= Saved data entries =
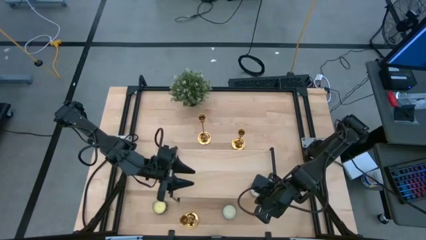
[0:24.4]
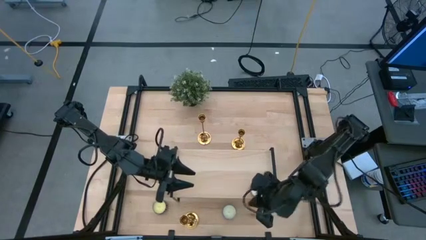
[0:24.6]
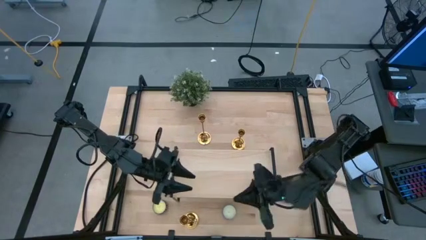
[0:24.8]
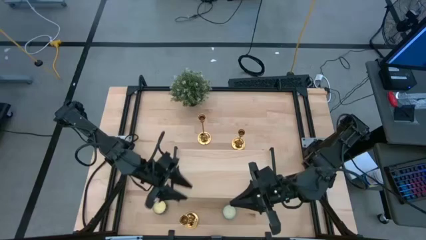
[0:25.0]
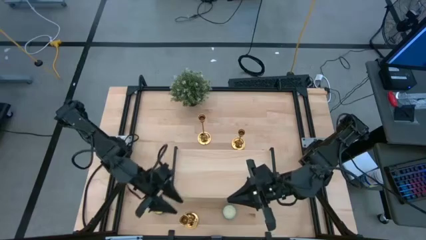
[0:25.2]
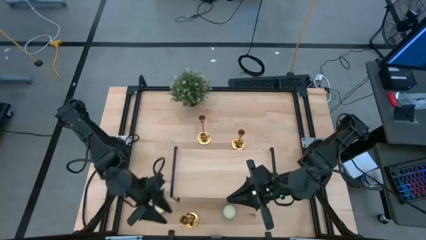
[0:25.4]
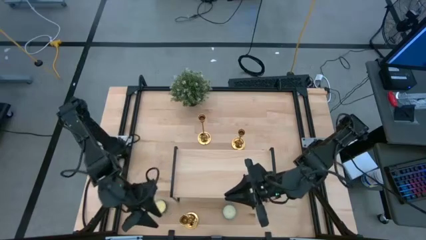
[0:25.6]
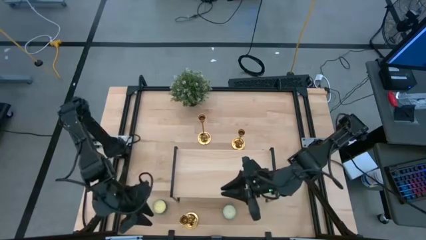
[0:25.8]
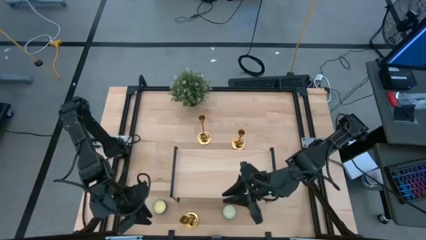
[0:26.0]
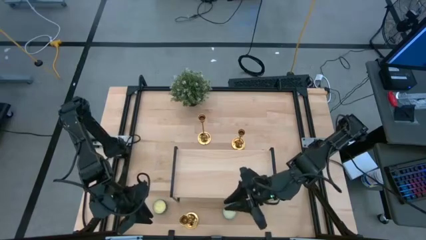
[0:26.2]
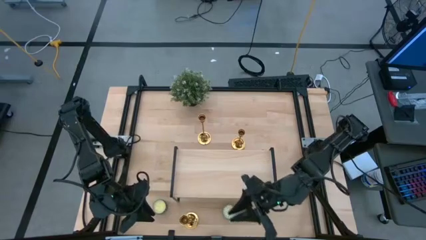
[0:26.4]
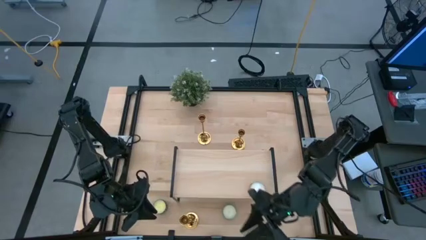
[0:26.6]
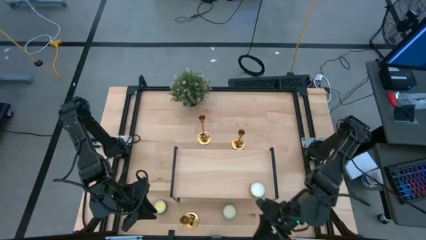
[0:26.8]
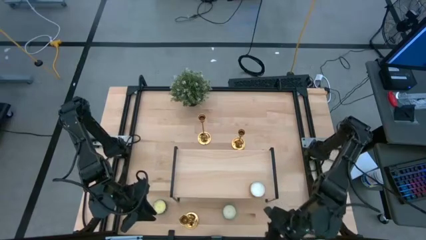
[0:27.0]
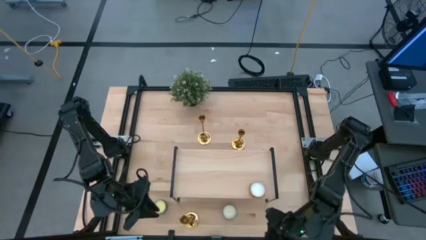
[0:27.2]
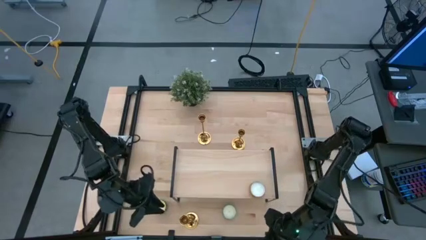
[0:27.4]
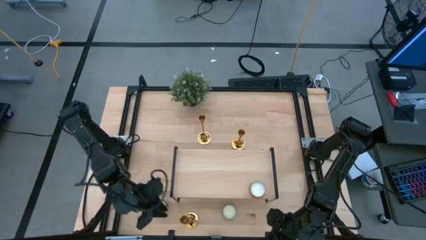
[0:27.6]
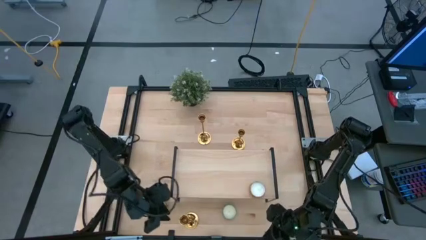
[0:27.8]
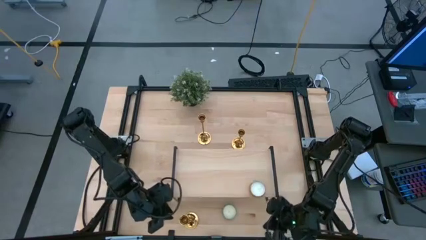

= Task =
Reproduce the records above exactly, excluding every picture.

= Result of the exercise =
[0:24.4]
[0:24.6]
[0:24.8]
[0:25.0]
[0:25.2]
[0:25.4]
[0:25.6]
[0:25.8]
[0:26.0]
[0:26.2]
[0:26.4]
[0:26.6]
[0:26.8]
[0:27.0]
[0:27.2]
[0:27.4]
[0:27.6]
[0:27.8]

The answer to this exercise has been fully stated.